HANOI, Sept 29 - Vietnamese banks have slashed interest rates on dong loans by up to 1.8 percentage points to attract borrowers after the central bank said it would raise rates on banks' compulsory reserves, bankers said.
The central bank said last week it would raise the interest rate it pays on banks' compulsory reserves against their dong deposits for the second time this year, increasing it to 5 percent from Oct 1 from 3.6 percent now.
Bankers said their banks could also use compulsory bills worth a combined 20.3 trillion dong to secure loans from the central bank, thus raising availability of dong funds.
The central bank said on Monday all major banks including Agribank, Vietcombank and BIDV have cut rates on new dong loans to as low as 18 percent in the past week.
Agribank now charges interest rates of 18.2 percent on dong loans, down from 20 percent previously.
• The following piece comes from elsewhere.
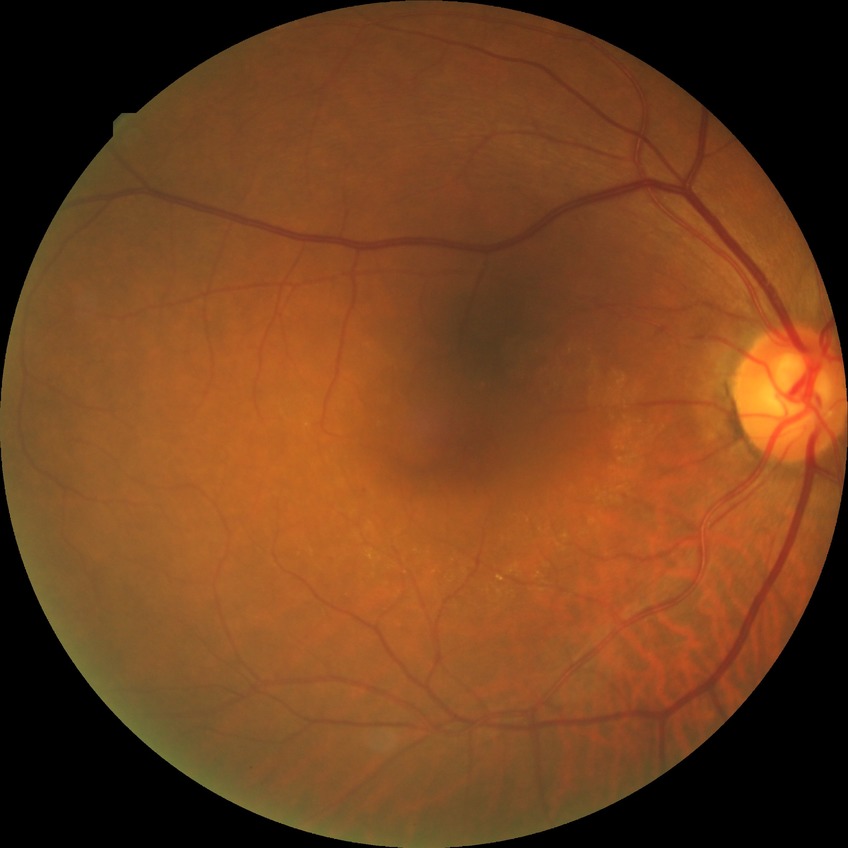

davis_grade: simple diabetic retinopathy

Vietcombank, a key lender to exporters, has reduced the rates to exporter clients to 18.5 percent from 19.5 percent.
Vietinbank, Vietcombank and BIDV said they aimed to disburse a combined 16 trillion dong in dong loans to small-and-medium businesses in the short run, the central bank's Monetary Policy Deparment said.
"These banks can afford to lower their rates," an analyst at a foreign bank said on Monday. "But the bottom line is they would have to cut rates on deposits to keep lowering loan rates in the long run,"
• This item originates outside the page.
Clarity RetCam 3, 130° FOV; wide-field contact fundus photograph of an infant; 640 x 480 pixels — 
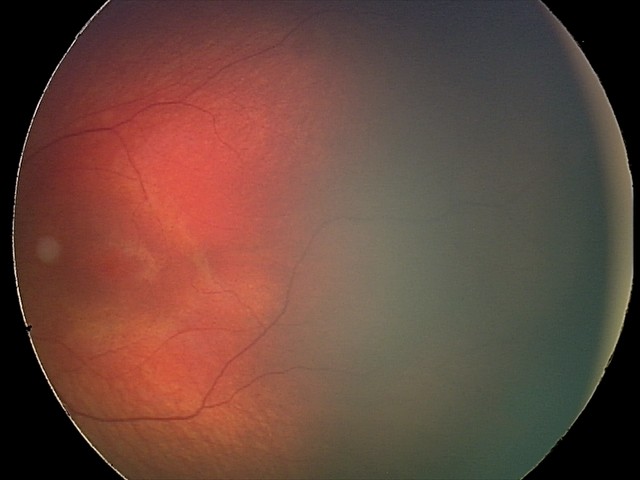
Finding = retinal hemorrhages

Another banker said it would still be difficult for other banks, especially the smaller private banks, to lower annual loan rates to 18 percent if they have to pay around 17 to 17.5 percent in annual interest on dong deposits.
The central bank said in a weekly report the interest rates on medium and long-term dong loans still averaged 21.5 percent at small partly private banks in the last week.
On the interbank market, the four largest lenders including three state-run banks offered overnight lending at an average 12.8 percent, down from a range of 13.5-15 percent last week, suggesting ample dong funds.
The central bank wants to slow loan growth to 30 percent in 2008 from 54 percent in 2007 in the face of annual inflation that has been in double digits for 11 months in a row.
Annual economic growth in the Southeast Asian country was 6.52 percent in the first nine months of the year, similar to the pace seen in the first half-year, although a sharp slowdown from 8.5 percent in 2007.